Erneut lobte Gesundheitsminister Rudolf Anschober (Grüne) die Bevölkerung, alle seien extrem konsequent beim Tragen der Masken und beim Abstandhalten. "Aber es werden Teile der Bevölkerung müde, ist auch kein Wunder, aber wir müssen jetzt durchhalten." Er verglich die Maßnahmen gegen das Coronavirus mit einem Marathonlauf, dessen Ziel noch nicht erreicht sei. "Es ist eh schon gegessen, das ist es nicht, wir sind mitten drinnen, es kann jederzeit zu einem neuen Ausbruch kommen." Die Frage, ob der ganze "Corona-Wahnsinn" wirklich notwendig gewesen sei, auch von der Opposition, weist er zurück, die Zahlen seien nicht von allein hinuntergegangen, das sei schon den frühen Maßnahmen geschuldet, da hätten die Österreicherinnen und Österreicher mitgewirkt.
Derzeit wird seinen Angaben nach die Teststrategie erweitert, es werde gerade ein präziser Testplan für die nächsten Monate aufgestellt. 286.000 Tests wurden demnach bisher gemacht. "Wir sind auch international sehr gut dabei", betonte Anschober. Auf 100.000 Einwohner würden 3150 Tests kommen. Weiters sollen auch breit angelegte Screenings der Bevölkerung auf freiwilliger Basis durchgeführt werden.
Durchhalteparolen gab auch die Virologin Monika Redlberger-Fritz von der MedUni Wien aus. "Weltweit haben wir über 3,6 Millionen nachgewiesene Erkrankte, mit einer Viertelmillion Todesfällen." Die Ausbreitung sei noch nicht gestoppt. "Wir haben in Österreich nur das Glück, dass wir die erste Phase gut eindämmen konnten, weil die Maßnahmen gut gegriffen haben, dadurch konnte sich das Virus nicht so gut ausbreiten." Denn die Durchseuchung in der Population mit 0,15 Prozent Infizierten sei wirklich gering. Redlberger-Fritz spricht von einem "vorbildlichen Wert". Aber dann kommt der große Nachsatz der Virologin: "Wir haben das Virus, es bleibt da, davor muss man warnen. Wenn keine Maßnahmen mehr getroffen werden, wenn wir so leben wie vorher, dann nimmt diese Infektion wieder exponentiell zu." Deswegen müssten die Maßnahmen weiter bestehen bleiben, dann könne dieses niedrige Niveau an Corona-Infizierten aufrechterhalten werden. Sie nennt vorrangig den Mund-Nasen-Schutz und die Händehygiene. "Ein ganz wichtiger Punkt ist, dass wir mögliche Cluster von Infizierten ganz aktiv suchen, da gibt es ein Netzwerk von 240 Ärzten über ganz Österreich verteilt."
Gesundheitsminister Anschober schloss eine verpflichtende Corona-Kontakte-App aus. Er spricht von einem freiwilligen Instrument, "ein digitales Kontaktpersonen-Management kann eine gute Ergänzung sein."

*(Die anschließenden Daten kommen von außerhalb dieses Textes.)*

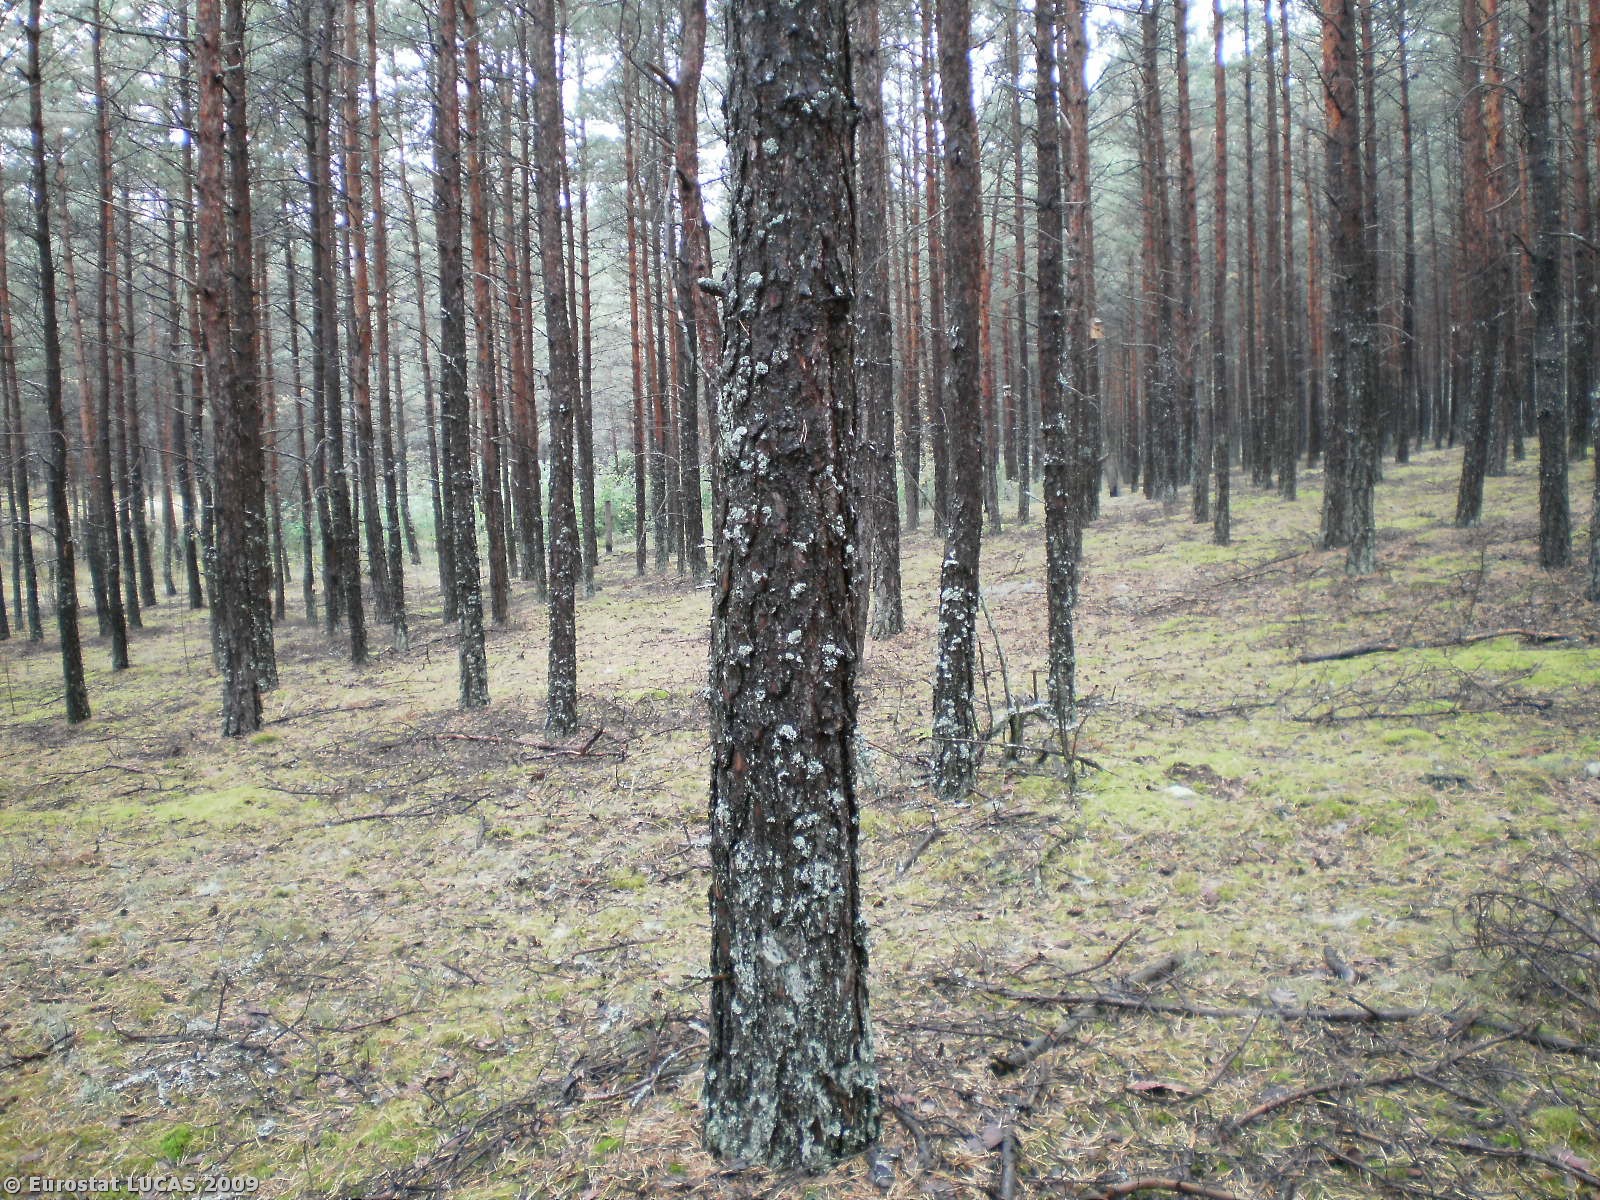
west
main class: Woodland
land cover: Coniferous woodland
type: hemiboreal forest and nemoral coniferous forest and mixed broadleaved-coniferous forest
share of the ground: > 75 %
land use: Forestry
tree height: > 5 m
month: September
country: PL
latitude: 53.8341
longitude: 17.8389

Auch wenn das Leben jetzt ein Stück "normaler" geworden ist, haben sich die Empfehlungen für ältere Menschen seitens der Regierungsspitze nicht geändert. "Vorsicht ist nach wie vor angebracht; Begegnung ja, aber den Sicherheitsabstand einhalten", sagte Gesundheitsminister Anschober, "weil wir wissen, dass ältere Menschen gefährdeter sind". Innenminister Karl Nehammer (ÖVP) ergänzte, man solle in der Familie gemeinsam nachdenken, wie man Treffen gut bewerkstelligen könne, viel im Freien treffen, Gegenstände desinfizieren, die man berührt habe, "und das Ganze mit Humor nehmen, dann geht's".
Zur Frage der Grenzkontrollen sagte Nehammer, diese sollten nur so lang wie notwendig aufrechterhalten werden. "Wir versuchen mit den Nachbarländern einen gemeinsamen Weg zu finden, immer schauend auf die Zahlen, dass man keine neue Infektionswelle ins Land hereinbekommt."